Maintenant, la France qui se dessine depuis quelques années est plus atlantiste, plus proche des Etats-Unis et d’un certain point de vue  assez sensible au virus néo-conservateur. On l'a vu très nettement avec Nicolas Sarkozy, on le retrouve d’un certain point de vue dans la diplomatie de François Hollande. C’est-à-dire croyance préétablie qui dit que la force doit être utilisée à des fins de transformation du système international.
Pour favoriser les changements de régimes, pour combattre ce que l’on appelle le terrorisme. C’est un profil nouveau. Plus d'interventionniste qui frappe, alors que ni nos voisins allemands, ni maintenant nos voisins britanniques, sans parler des autres, espagnols et italiens ne sont sur cette pente.

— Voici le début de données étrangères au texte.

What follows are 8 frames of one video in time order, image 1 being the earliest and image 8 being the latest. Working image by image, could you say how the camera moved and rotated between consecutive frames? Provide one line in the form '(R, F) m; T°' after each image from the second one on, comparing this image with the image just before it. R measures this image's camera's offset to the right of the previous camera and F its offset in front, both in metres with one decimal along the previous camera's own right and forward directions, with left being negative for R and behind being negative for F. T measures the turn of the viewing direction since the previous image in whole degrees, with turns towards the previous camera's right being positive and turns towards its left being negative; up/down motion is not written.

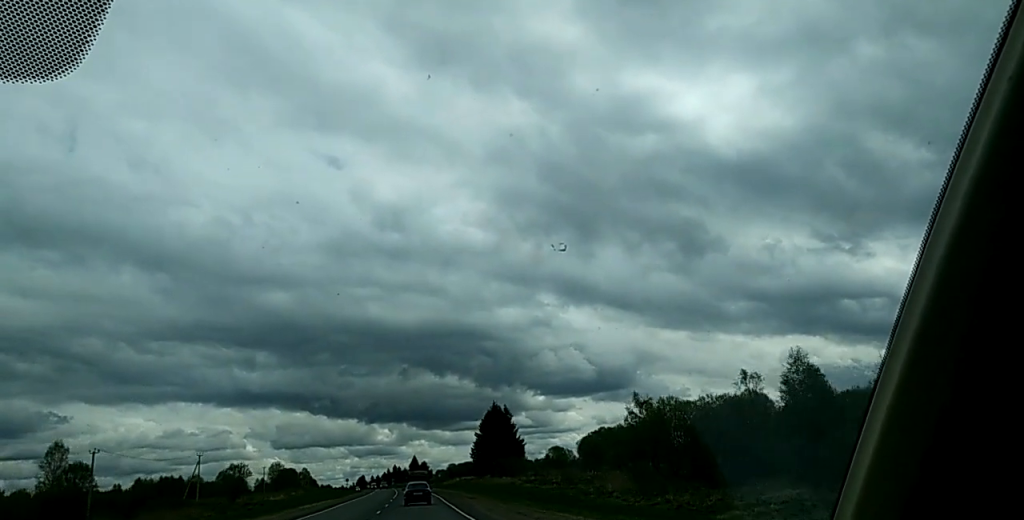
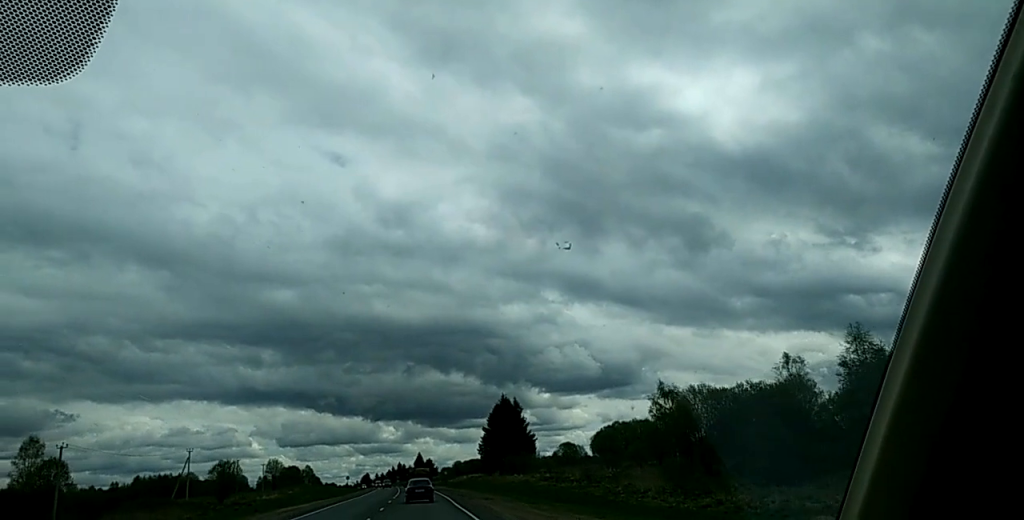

C’est une inversion par rapport à ce que nous avons connu notamment durant la guerre d’Irak de 2003 et a fortiori dans les années qui ont précédé.

 

- Au final, comment voyez-vous l’issue de ce conflit qui dure depuis deux ans et demi au bilan sinistre de plus de 100 000 morts ?

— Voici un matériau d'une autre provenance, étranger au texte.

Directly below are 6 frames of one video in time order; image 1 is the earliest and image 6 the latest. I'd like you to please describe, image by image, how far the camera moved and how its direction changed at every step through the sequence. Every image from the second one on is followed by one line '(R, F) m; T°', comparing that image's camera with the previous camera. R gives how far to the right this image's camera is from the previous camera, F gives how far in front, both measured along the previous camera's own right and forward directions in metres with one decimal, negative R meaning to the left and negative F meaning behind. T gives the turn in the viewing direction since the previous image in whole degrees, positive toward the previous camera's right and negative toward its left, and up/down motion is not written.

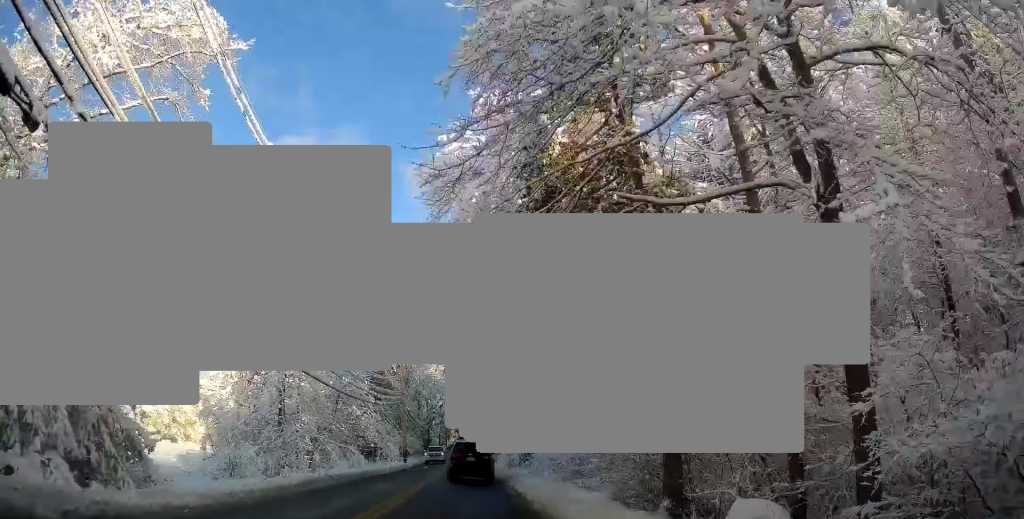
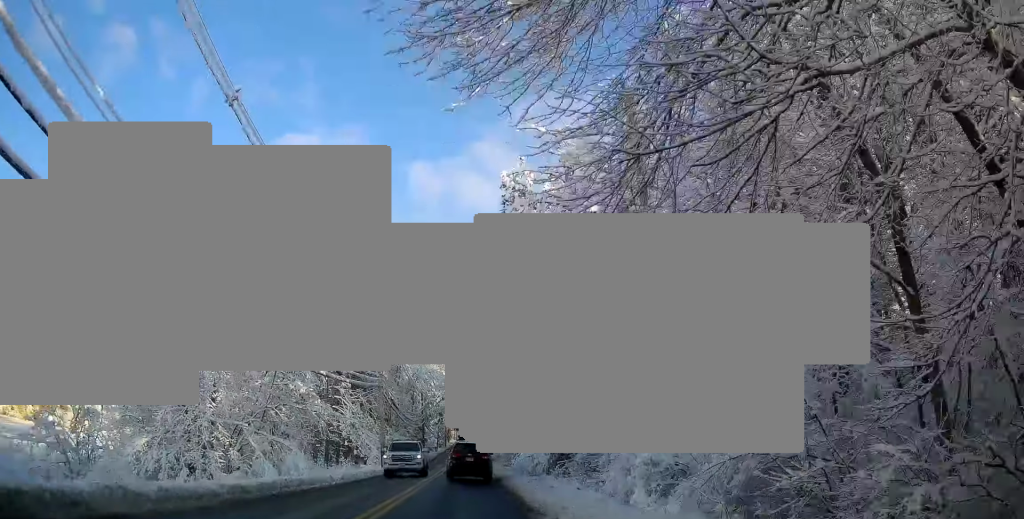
(0.0, +13.3) m; +2°
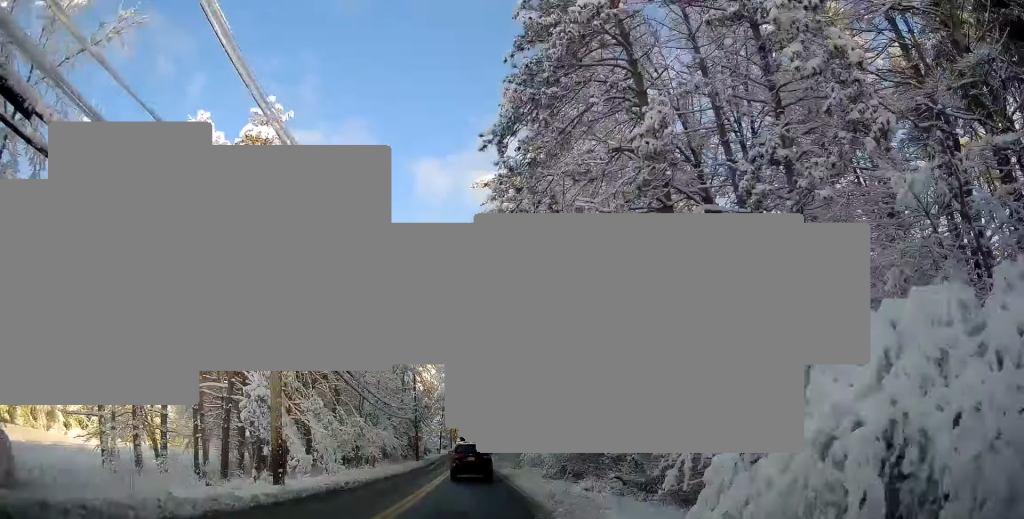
(+0.5, +21.8) m; -1°
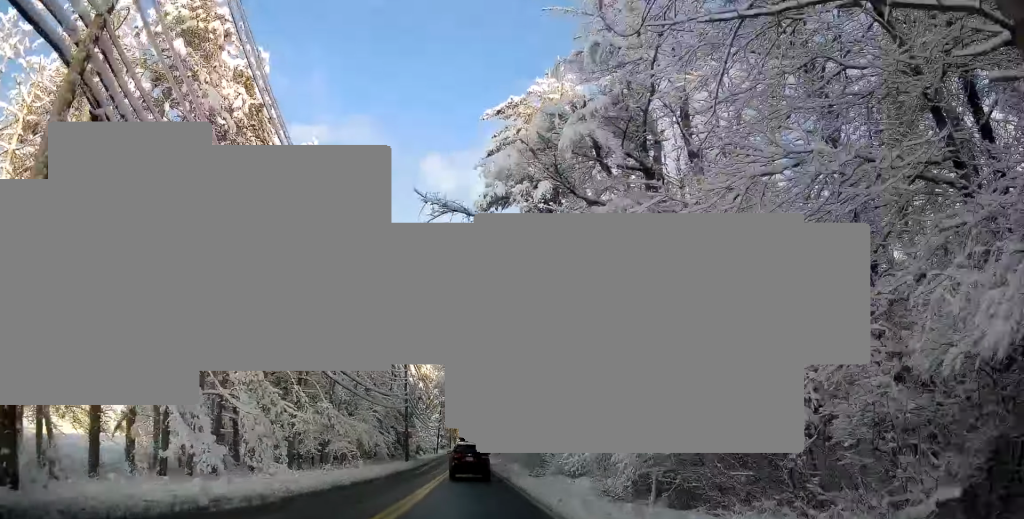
(-0.3, +10.4) m; -2°
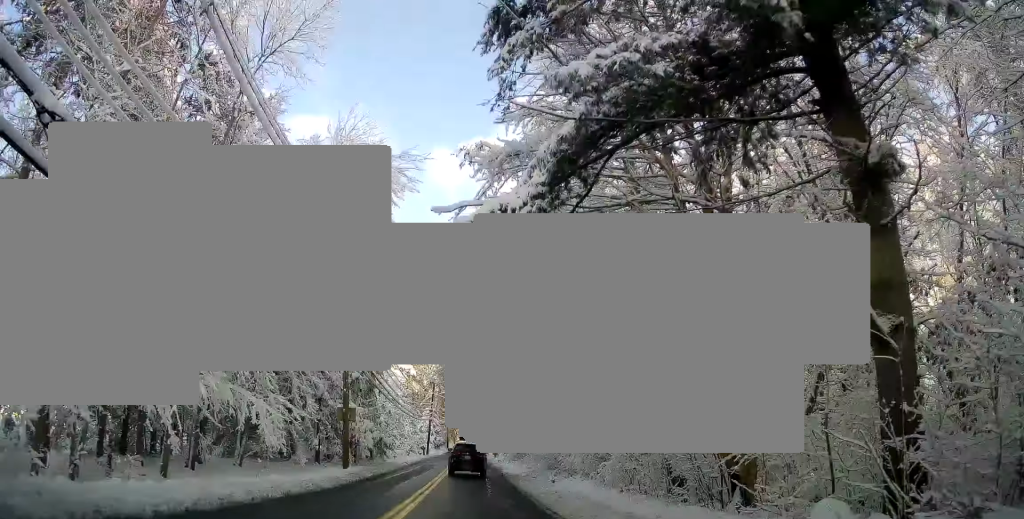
(-0.6, +26.3) m; -1°
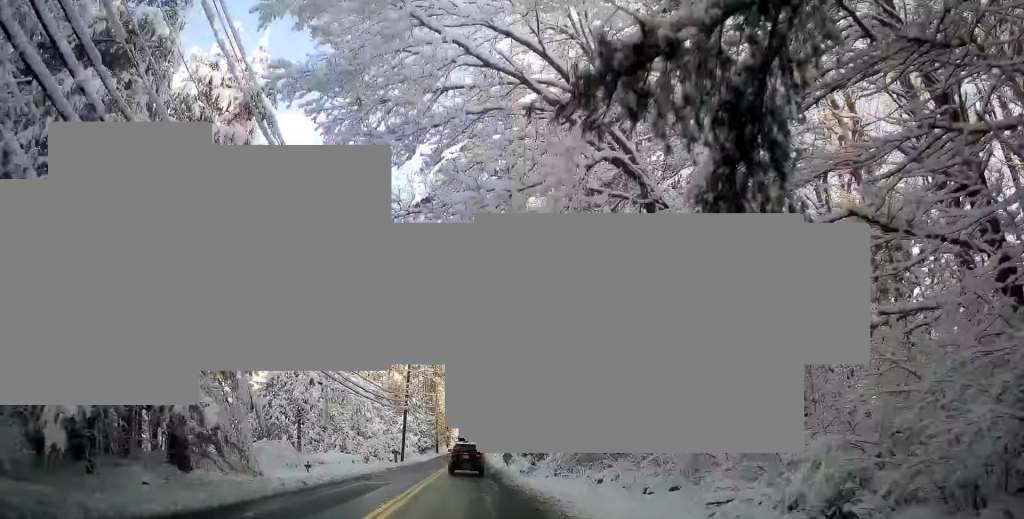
(+0.3, +24.7) m; +1°

D’abord, ce qui est effrayant c’est qu’en ce moment on parle beaucoup de la réaction à l’usage de l’arme chimique, mais on parle très peu de solution du conflit.
Donc, on ne peut pas être optimiste dans la mesure où on ne voit aucune porte de sortie aujourd’hui. La fameuse conférence de Genève II annoncée au printemps dernier est semble-t-il enterrée. Le dialogue au Conseil de sécurité ne se fait pas. Et, ce qui est particulièrement dangereux c’est qu’on voit effectivement autour des combattants syriens se constituer des coalitions régionales et internationales qui donnent à chacune des parties en cause une illusion de pouvoir l’emporter définitivement. Donc, le scénario actuel est très négatif et les chances de paix sont faibles. Je constate que le conflit syrien même s’il se régionalise, même s’il s’internationalise a essentiellement des racines à l’intérieur de la société syrienne. Ce type de conflit que nous connaissons, hélas, assez fréquent notamment au Moyen-orient et en Afrique est très dur à arrêter. Bien souvent, c’est par épuisement des combattants qu'il prend fin. Il faut être modeste et lucide, contrairement à ce qu’on croyait il y a dix ou vingt ans, ce que l’on appelle à tort d’ailleurs la communauté internationale ne dispose pas de recette miracle pour y mettre un terme.